▶ Aim of the task:
Set down, without alteration, the lines from the one that contains "11C7.709 11 9.5" through the final line of the material below.

▶ Entries shown:
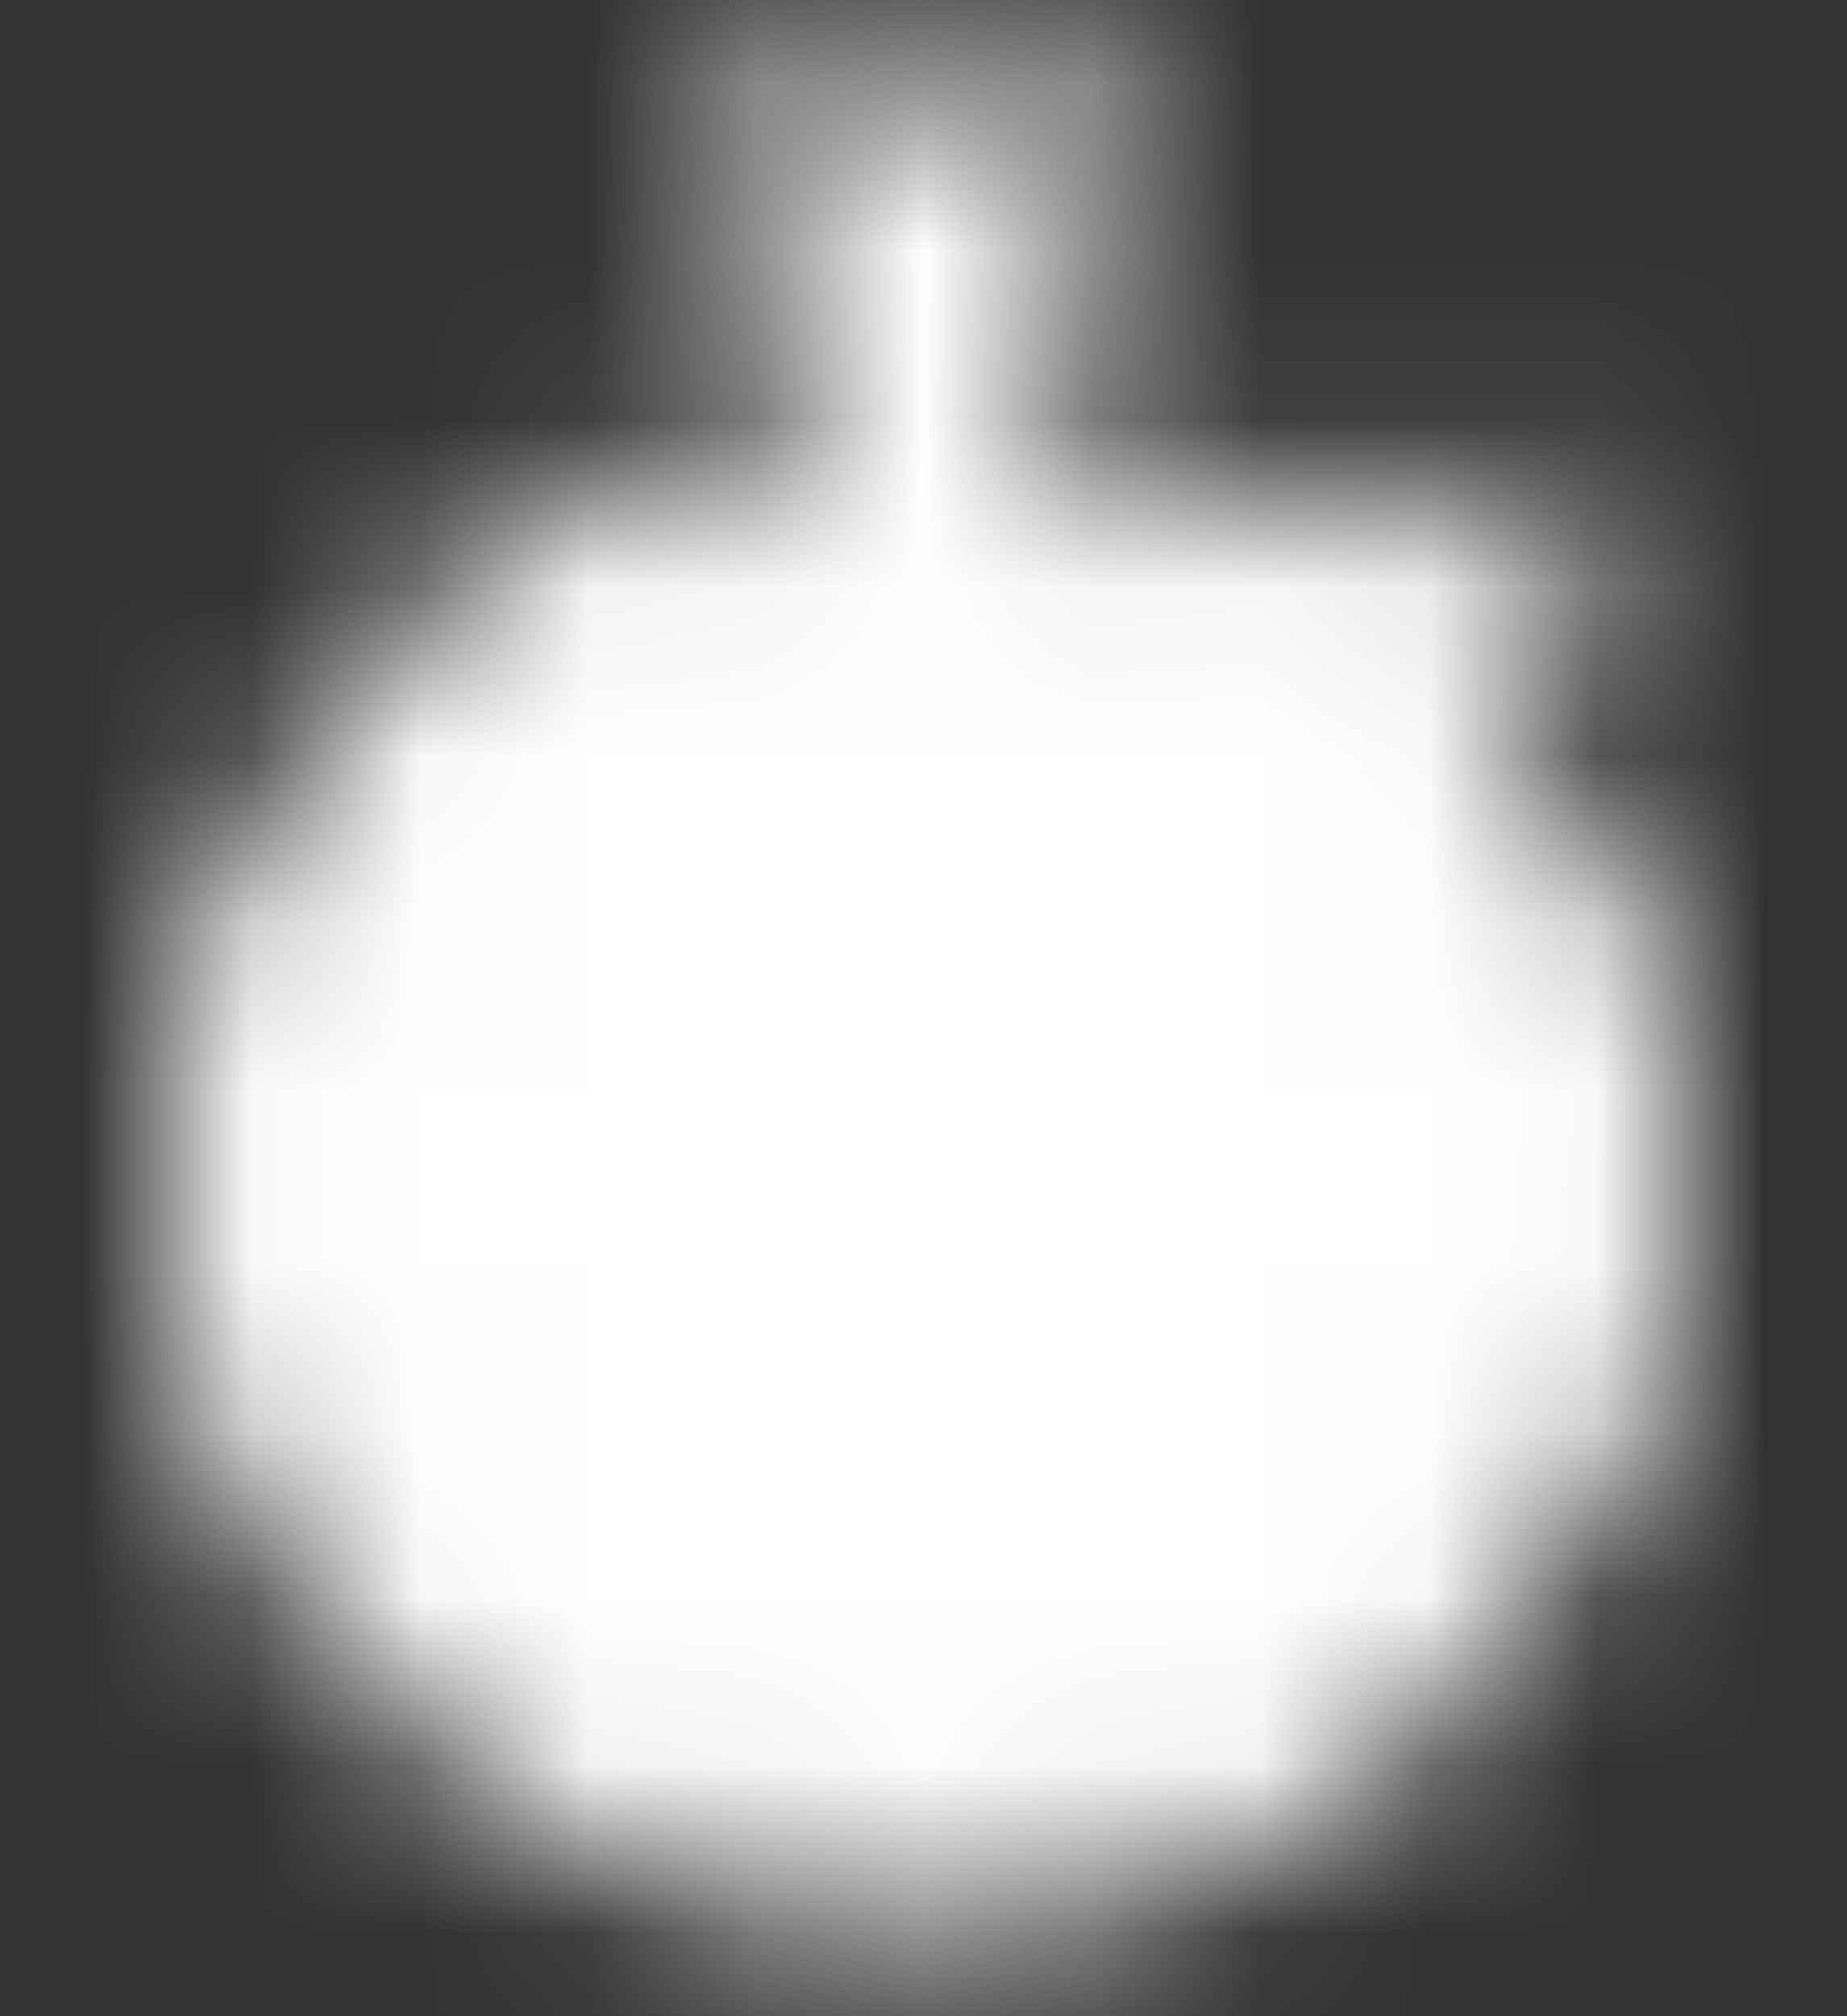 <svg width="11" height="12" viewBox="0 0 11 12" fill="none" xmlns="http://www.w3.org/2000/svg">
<rect x="0" y="0" width="11" height="12" fill="#333333" stroke="none"/>
<mask id="mask0_823_8160" style="mask-type:luminance" maskUnits="userSpaceOnUse" x="1" y="0" width="9" height="12">
<path d="M5.5 11C7.709 11 9.5 9.209 9.5 7C9.5 4.791 7.709 3 5.5 3C3.291 3 1.5 4.791 1.5 7C1.5 9.209 3.291 11 5.5 11Z" fill="white" stroke="white"/>
<path d="M6.5 1H4.5M5.5 1V3M8.25 4L9 3.25" stroke="white" stroke-linecap="round" stroke-linejoin="round"/>
<path d="M5.5 5.5V7H4" stroke="black" stroke-linecap="round" stroke-linejoin="round"/>
</mask>
<g mask="url(#mask0_823_8160)">
<path d="M-0.5 0H11.5V12H-0.5V0Z" fill="white"/>
</g>
</svg>

▶ Completed exercise:
<path d="M5.5 11C7.709 11 9.5 9.209 9.5 7C9.5 4.791 7.709 3 5.5 3C3.291 3 1.5 4.791 1.5 7C1.5 9.209 3.291 11 5.5 11Z" fill="white" stroke="white"/>
<path d="M6.5 1H4.5M5.5 1V3M8.25 4L9 3.25" stroke="white" stroke-linecap="round" stroke-linejoin="round"/>
<path d="M5.5 5.5V7H4" stroke="black" stroke-linecap="round" stroke-linejoin="round"/>
</mask>
<g mask="url(#mask0_823_8160)">
<path d="M-0.5 0H11.5V12H-0.5V0Z" fill="white"/>
</g>
</svg>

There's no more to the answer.